There are many variants of the gradient descent scheme that are captured in tf$train$Optimizer
—our recommended implementation. But in the spirit of building from first principles, here you will implement the basic math yourself with the help of tf.GradientTape
for automatic differentiation and tf.assign_sub
for decrementing a value (which combines tf.assign
and tf.sub
):
train <- function(model, inputs, outputs, learning_rate) {
with (tf$GradientTape() %as% t, {
current_loss = loss(model$call(inputs), outputs)
})
d <- t$gradient(current_loss, list(model$W, model$b))

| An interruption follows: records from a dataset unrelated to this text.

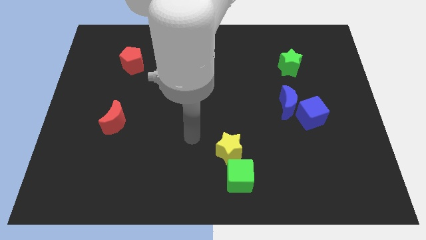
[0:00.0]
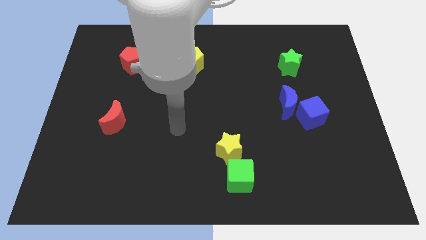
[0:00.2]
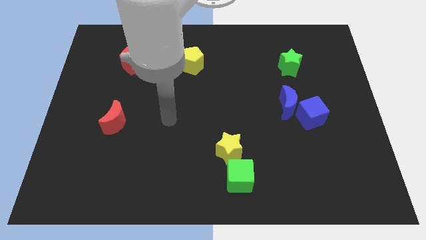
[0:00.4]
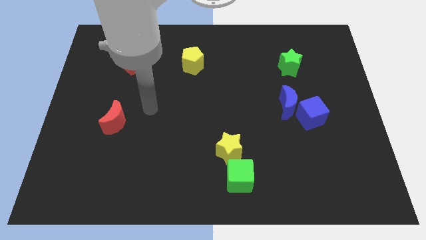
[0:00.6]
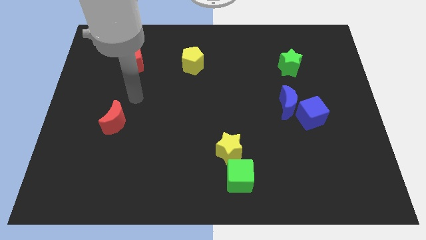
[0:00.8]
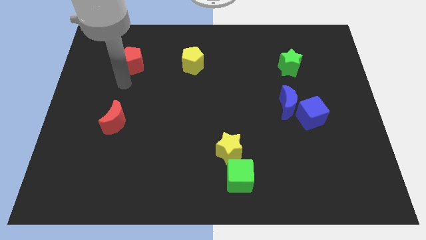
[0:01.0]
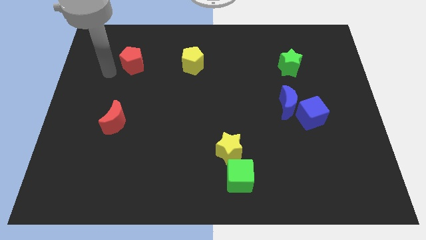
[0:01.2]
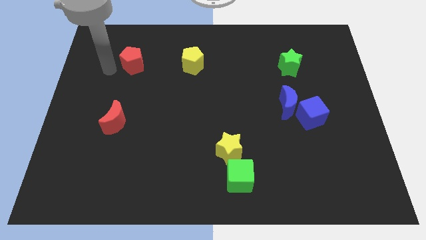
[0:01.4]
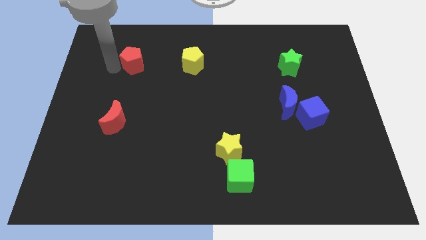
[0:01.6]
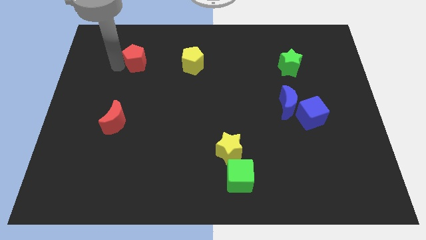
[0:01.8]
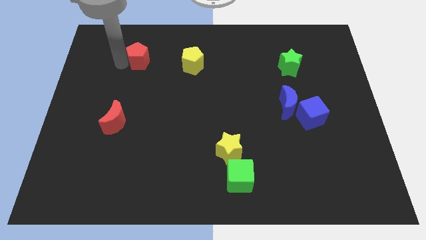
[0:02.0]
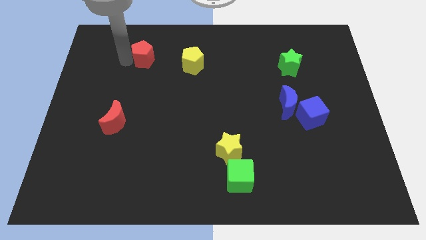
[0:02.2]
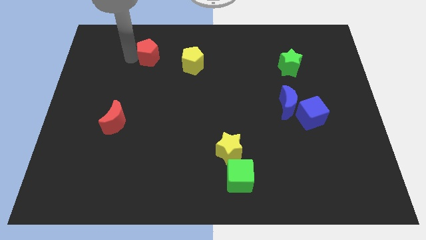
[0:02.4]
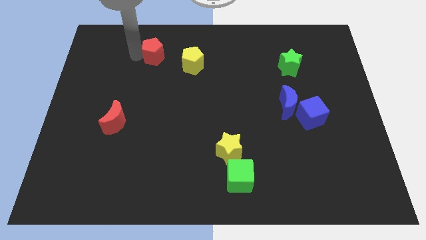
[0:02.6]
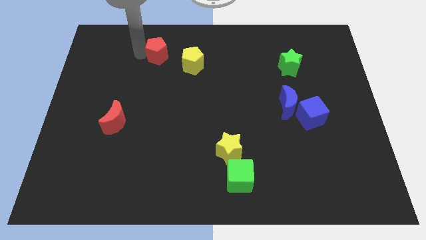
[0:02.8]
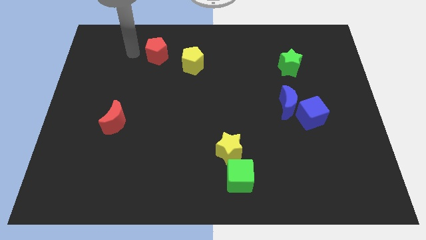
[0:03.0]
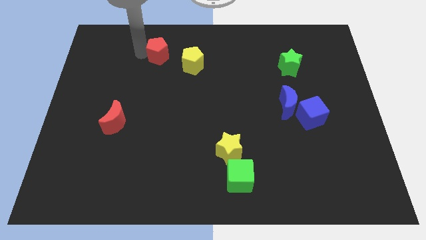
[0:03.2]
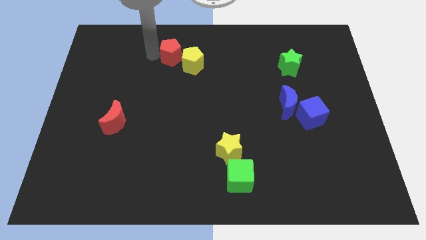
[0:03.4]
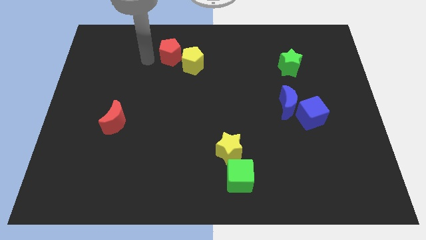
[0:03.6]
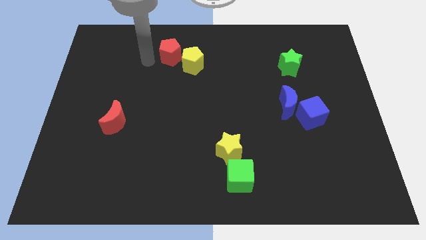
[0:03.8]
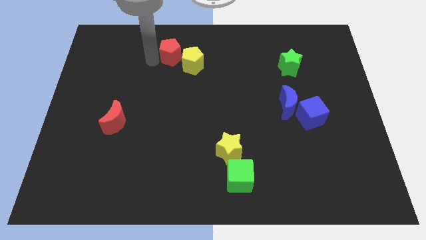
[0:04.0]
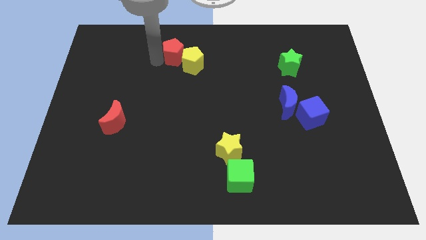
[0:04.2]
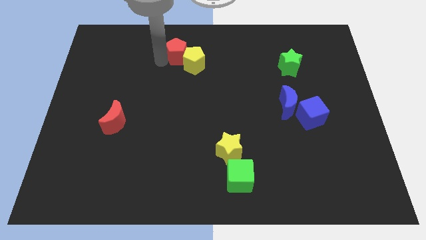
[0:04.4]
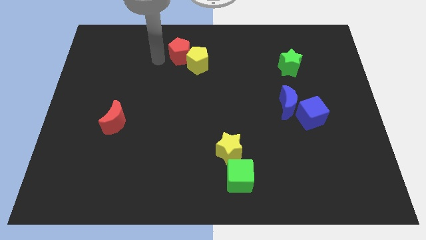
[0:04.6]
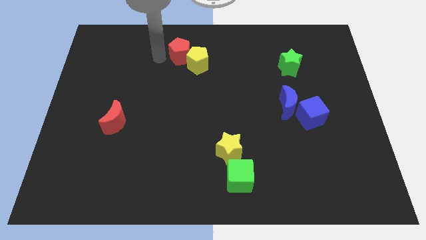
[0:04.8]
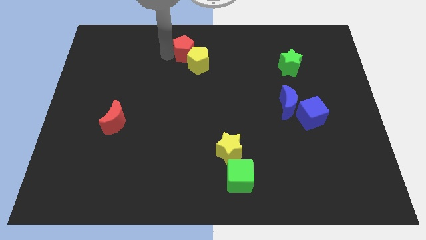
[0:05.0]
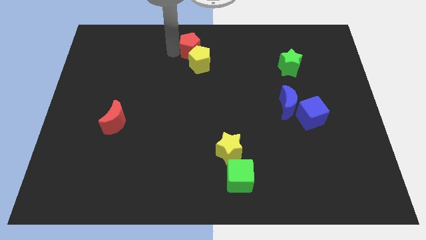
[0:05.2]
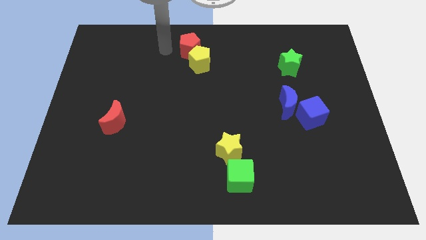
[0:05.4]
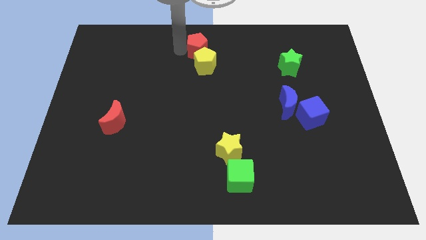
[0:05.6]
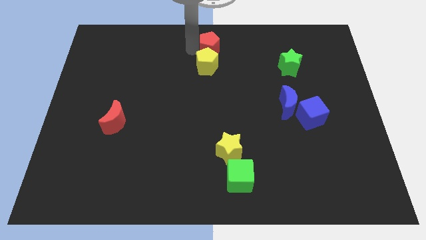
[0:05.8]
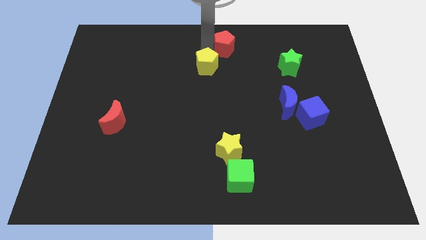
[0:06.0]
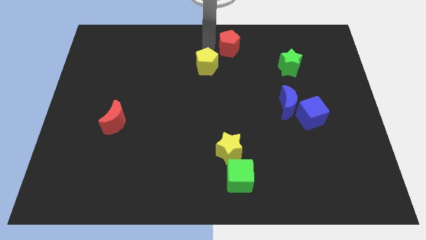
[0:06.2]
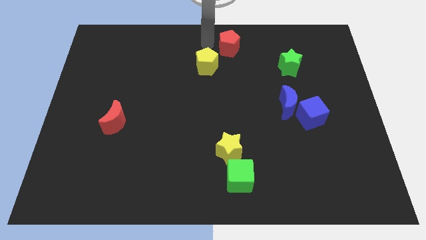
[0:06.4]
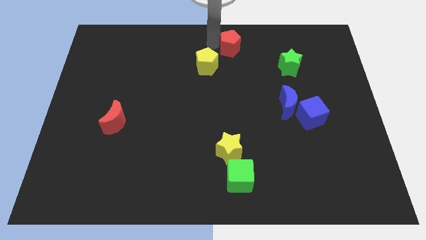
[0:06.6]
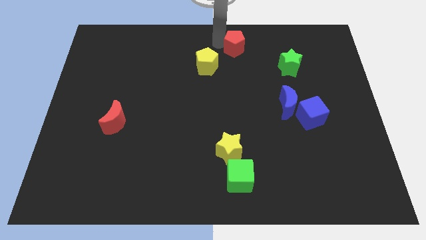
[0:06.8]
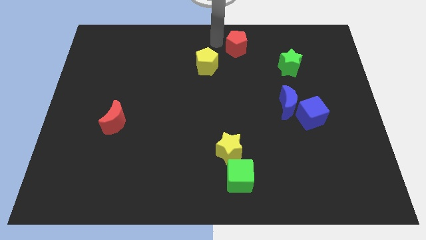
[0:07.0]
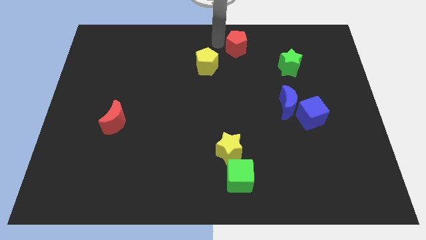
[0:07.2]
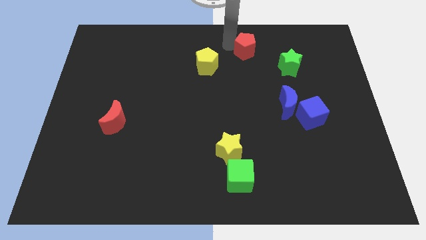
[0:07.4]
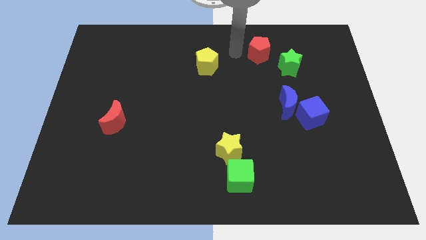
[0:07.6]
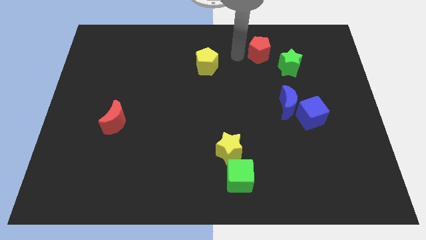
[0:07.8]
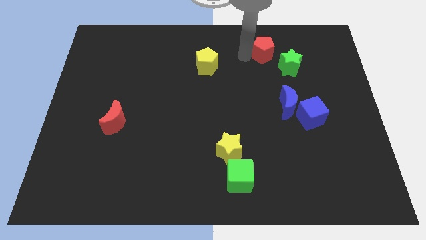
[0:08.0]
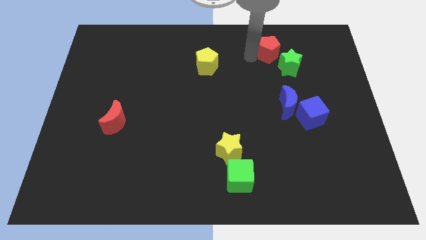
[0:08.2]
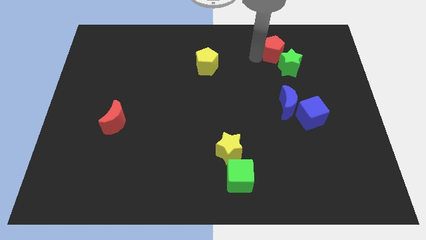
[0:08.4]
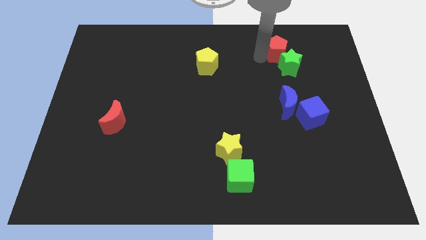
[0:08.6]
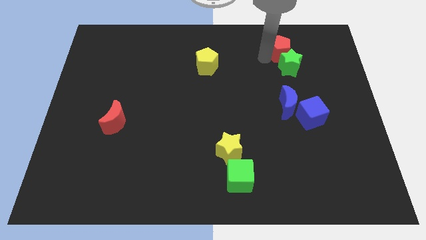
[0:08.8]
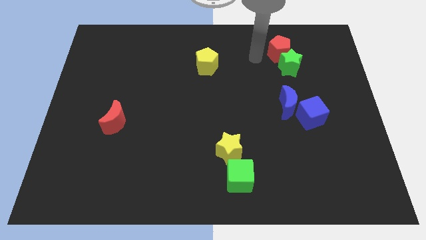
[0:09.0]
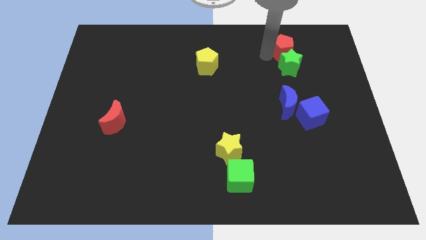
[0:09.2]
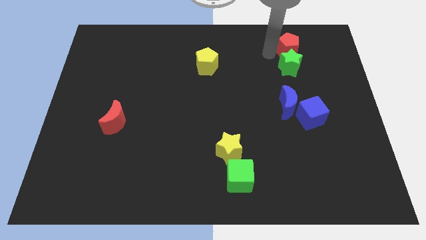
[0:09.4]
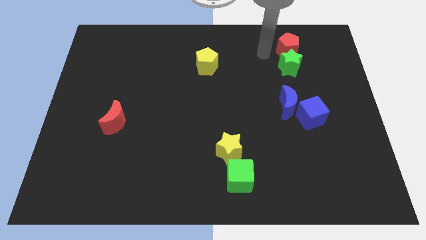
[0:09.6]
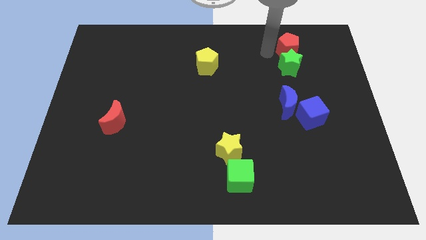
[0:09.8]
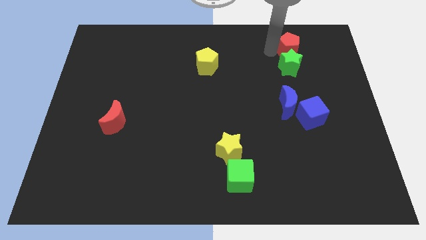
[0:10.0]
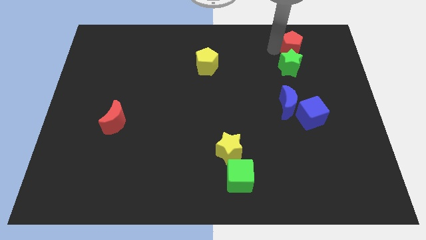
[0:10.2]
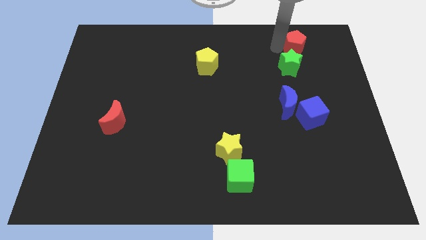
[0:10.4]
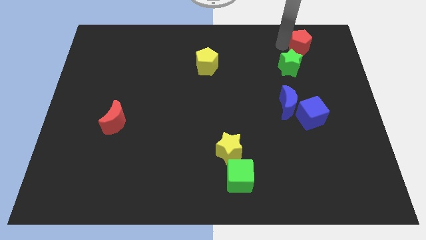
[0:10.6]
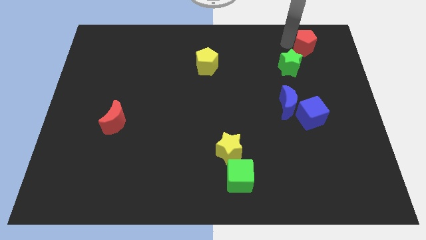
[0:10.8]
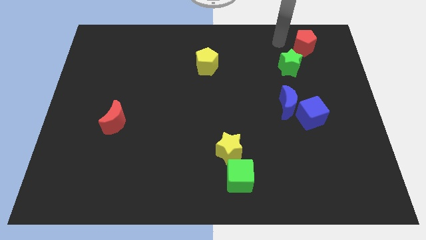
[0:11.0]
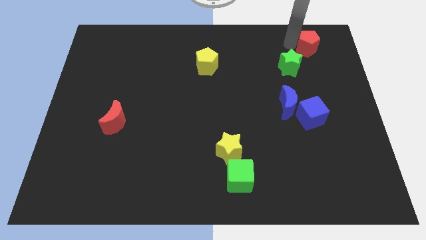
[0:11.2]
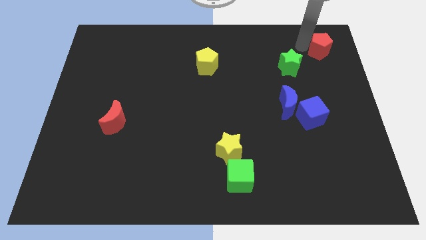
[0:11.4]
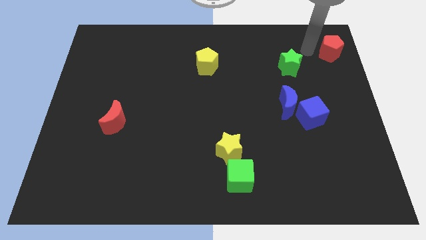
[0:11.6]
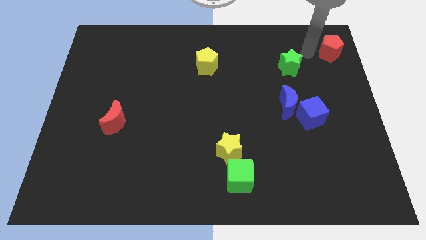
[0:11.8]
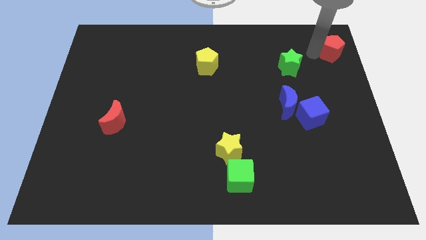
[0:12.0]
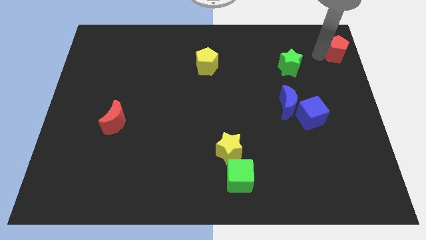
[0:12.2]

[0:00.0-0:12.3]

model$W$assign_sub(learning_rate * d[[1]])
model$b$assign_sub(learning_rate * d[[2]])
current_loss
}
Finally, let’s repeatedly run through the training data and see how W and b evolve.
model <- Model$new()
Ws <- bs <- c()
for (epoch in seq_len(20)) {
Ws[epoch] <- as.numeric(model$W)
bs[epoch] <- as.numeric(model$b)
current_loss <- train(model, inputs, outputs, learning_rate = 0.1)
cat(glue::glue("Epoch: {epoch}, Loss: {as.numeric(current_loss)}"), "\n")
}
## Epoch: 1, Loss: 9.22420692443848
## Epoch: 2, Loss: 6.19532537460327
## Epoch: 3, Loss: 4.27906942367554
## Epoch: 4, Loss: 3.06672716140747
## Epoch: 5, Loss: 2.29972267150879
## Epoch: 6, Loss: 1.81446659564972
## Epoch: 7, Loss: 1.50746238231659
## Epoch: 8, Loss: 1.31323146820068
## Epoch: 9, Loss: 1.19034790992737
## Epoch: 10, Loss: 1.11260342597961
## Epoch: 11, Loss: 1.06341695785522
## Epoch: 12, Loss: 1.03229808807373
## Epoch: 13, Loss: 1.01261019706726
## Epoch: 14, Loss: 1.0001540184021
## Epoch: 15, Loss: 0.992273688316345
## Epoch: 16, Loss: 0.987287759780884
## Epoch: 17, Loss: 0.984133422374725
## Epoch: 18, Loss: 0.982137799263
## Epoch: 19, Loss: 0.9808748960495
## Epoch: 20, Loss: 0.980076193809509
tibble(
epoch = 1:20,
Ws = Ws,
bs = bs
) %>%
pivot_longer(
c(Ws, bs),
names_to = "parameter",
values_to = "estimate"
) %>%
ggplot(aes(x = epoch, y = estimate)) +
geom_line() +
facet_wrap(~parameter, scales = "free")
This tutorial used tf$Variable
to build and train a simple linear model.
In practice, the high-level APIs—such as Keras—are much more convenient to build neural networks. Keras provides higher level building blocks (called “layers”), utilities to save and restore state, a suite of loss functions, a suite of optimization strategies, and more.